Sensitivität der Diagnostik verbessern

Die RA ist die häufigste entzündlich-rheumatische Erkrankung, an der weltweit etwa 20 Millionen Menschen leiden. Eine frühzeitige Diagnose und gezielte Therapie innerhalb der ersten zwei Jahre ist ausschlaggebend, um gravierende Gelenkschäden und Deformationen zu vermeiden, die zu körperlichen Beeinträchtigungen und Invalidität führen können.

Allerdings erreichen die bestehenden serologischen Tests in der Frühphase nur eine Sensitivität von etwa 70%, d.h. 30% der Patienten gelten als seronegativ und können nicht über individuelle Antikörperprofile diagnostiziert werden.

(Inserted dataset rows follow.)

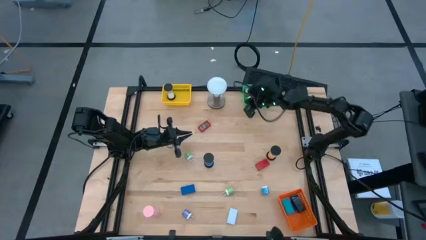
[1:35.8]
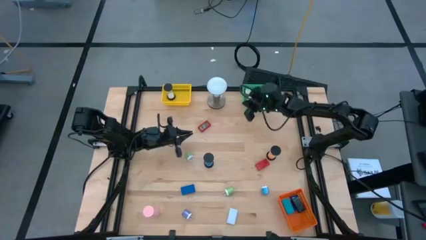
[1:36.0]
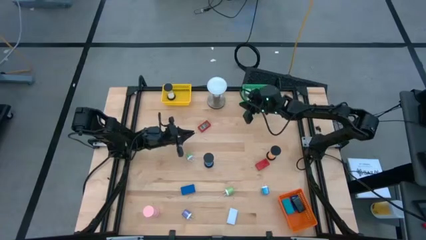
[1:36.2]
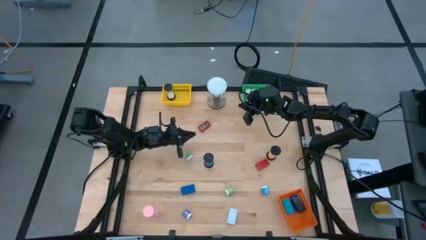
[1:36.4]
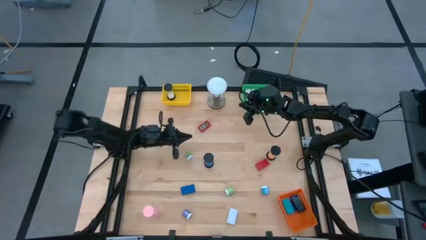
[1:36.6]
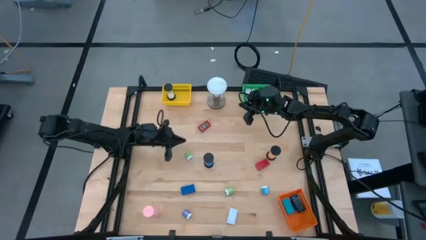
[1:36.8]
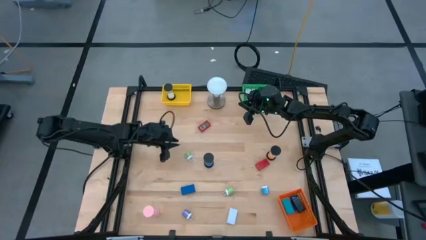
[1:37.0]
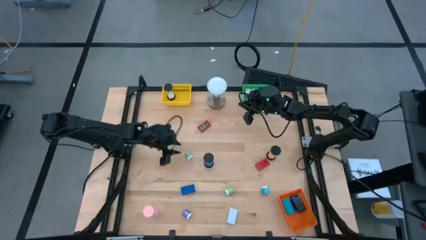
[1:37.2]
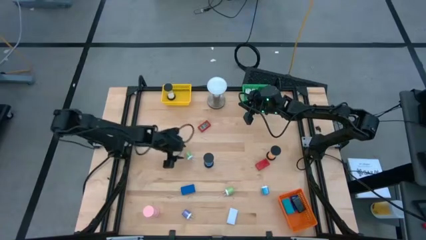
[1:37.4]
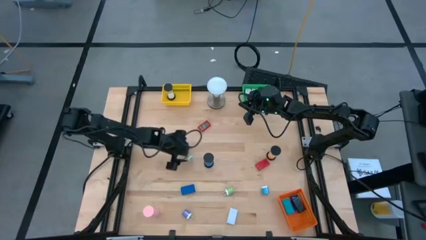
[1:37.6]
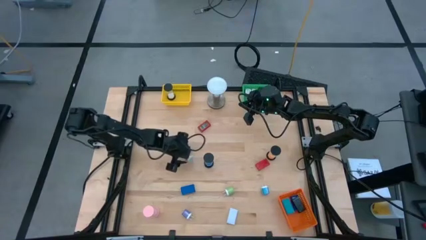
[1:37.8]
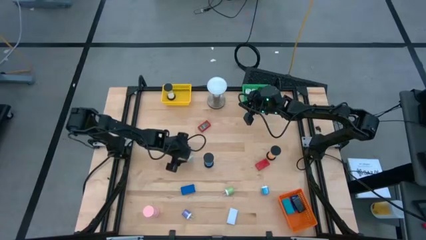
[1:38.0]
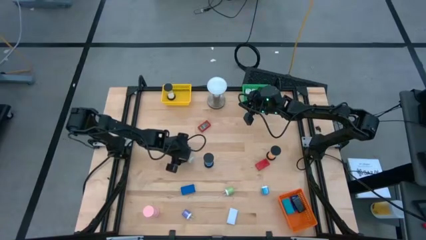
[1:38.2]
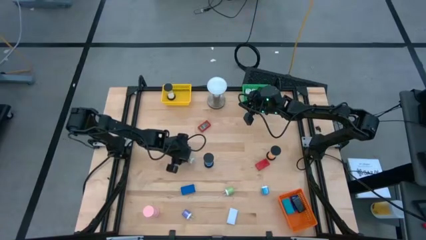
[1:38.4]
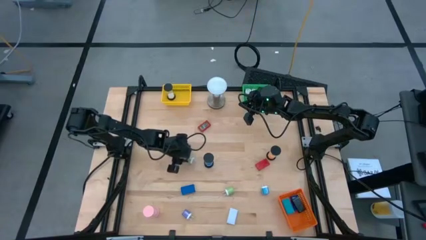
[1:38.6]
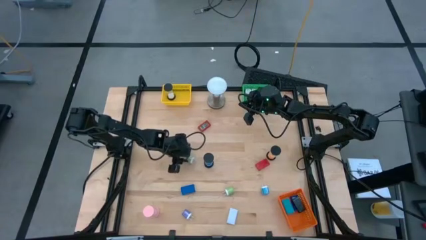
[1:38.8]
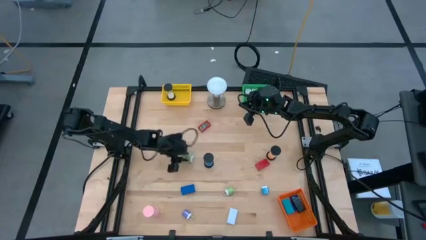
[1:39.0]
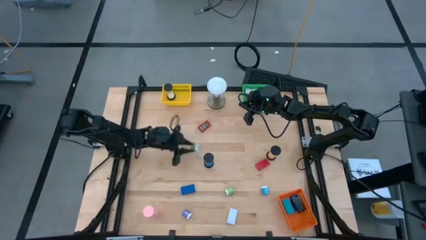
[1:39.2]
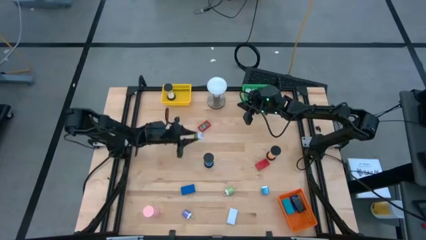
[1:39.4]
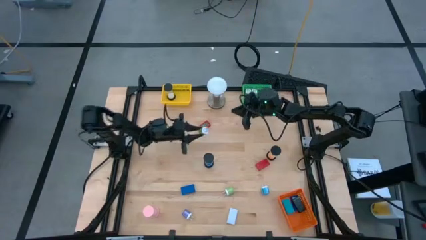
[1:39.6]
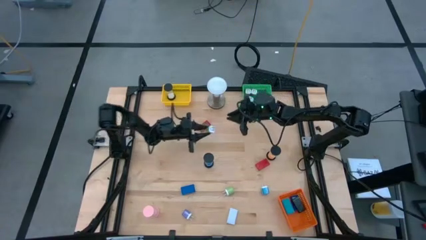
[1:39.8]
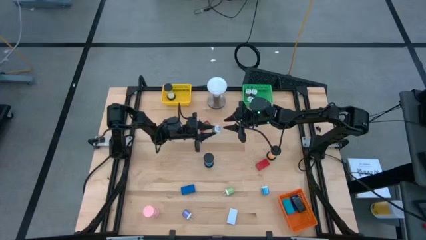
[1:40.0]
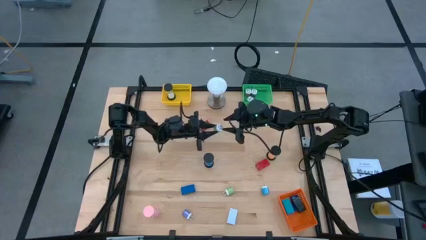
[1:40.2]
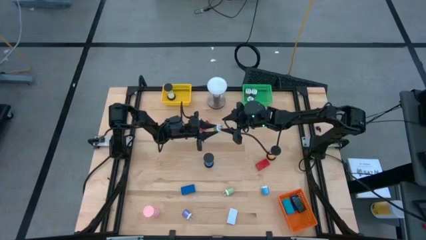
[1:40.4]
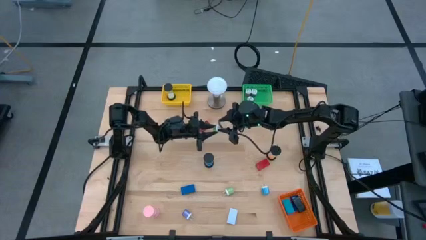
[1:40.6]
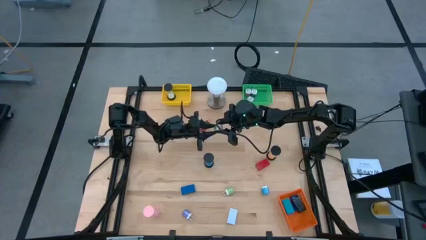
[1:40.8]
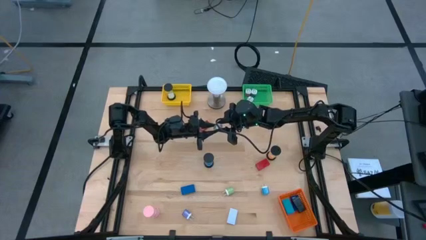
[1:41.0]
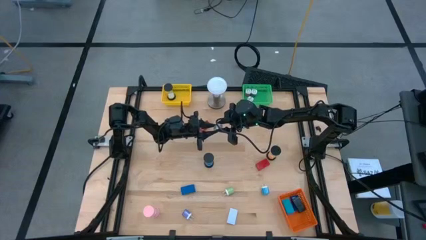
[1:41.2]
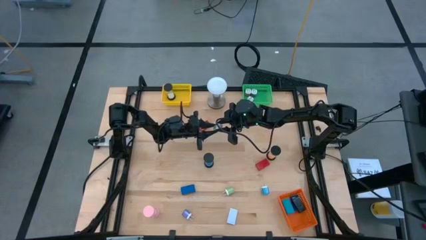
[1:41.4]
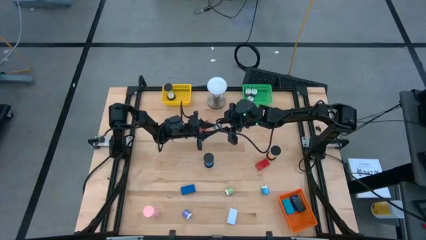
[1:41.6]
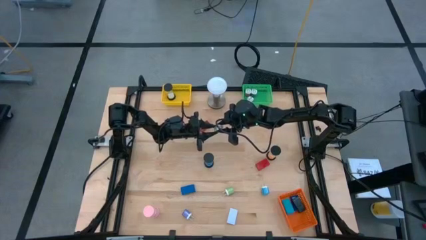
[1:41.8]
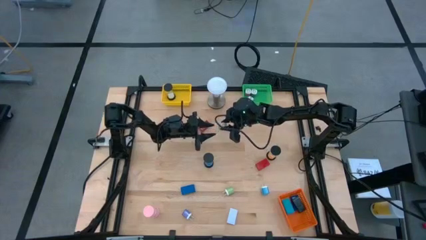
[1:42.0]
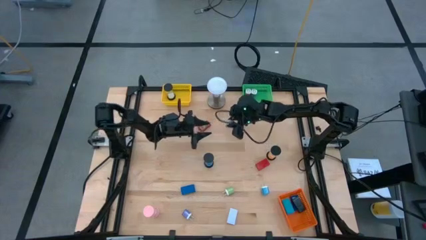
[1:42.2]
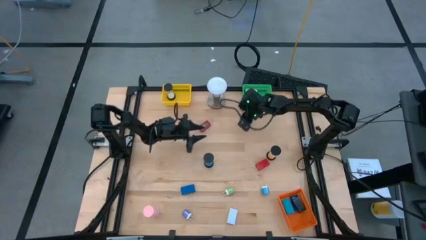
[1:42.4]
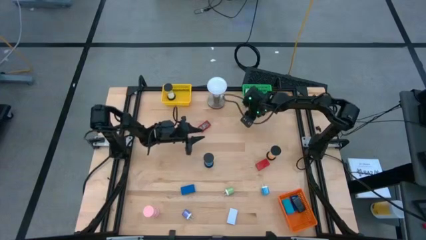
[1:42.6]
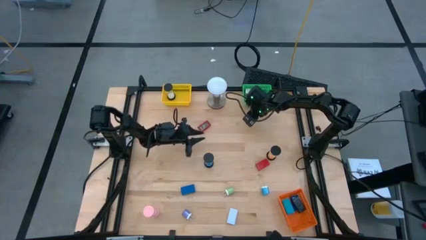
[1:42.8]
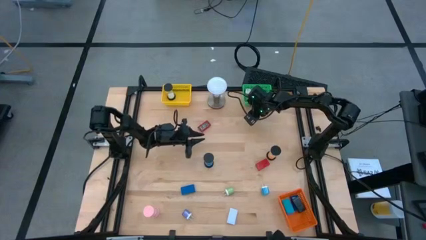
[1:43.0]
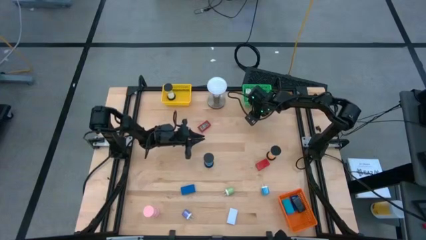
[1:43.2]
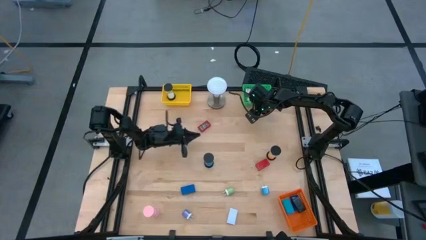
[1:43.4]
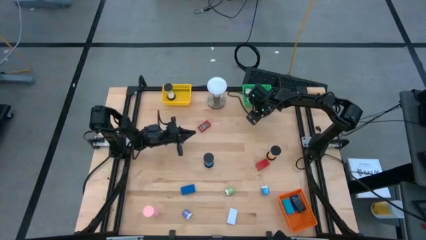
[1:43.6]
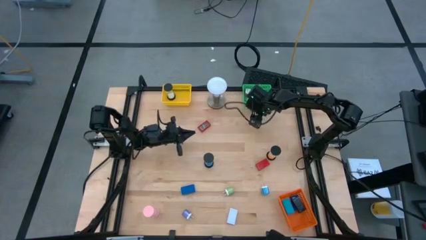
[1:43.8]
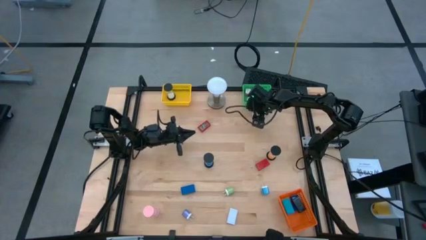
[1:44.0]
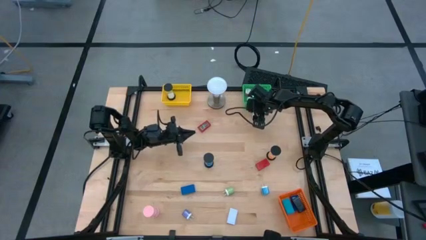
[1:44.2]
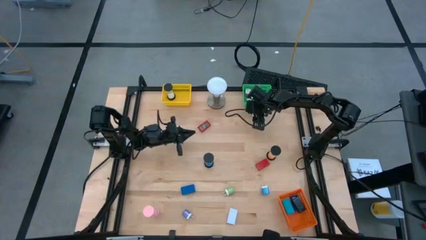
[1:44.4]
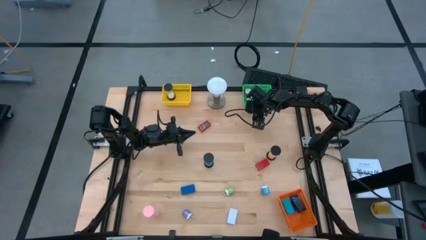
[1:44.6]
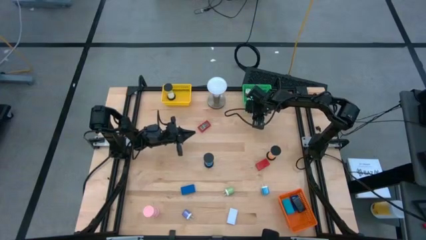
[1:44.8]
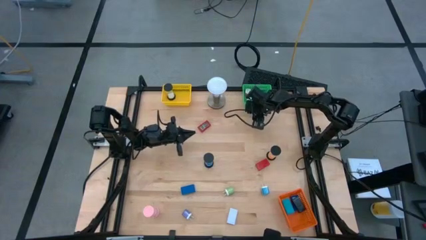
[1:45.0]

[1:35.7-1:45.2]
Put the top green charger adapter into the green bin

Ein Ziel des Projektes ist daher die Identifizierung einer hochgradig sensitiven und RA-spezifischen Biomarkerkombination, um schon in den ersten Phasen der Erkrankung serologisch eine eindeutige Diagnose stellen und dabei komplexe und heterogene Antikörperprofile abdecken zu können. Für die Patientenstratifizierung spielt darüber hinaus die Identifizierung einzelner RA-spezifischer Biomarker eine zentrale Rolle, um rechtzeitig eine angemessene Therapieentscheidung zu ermöglichen.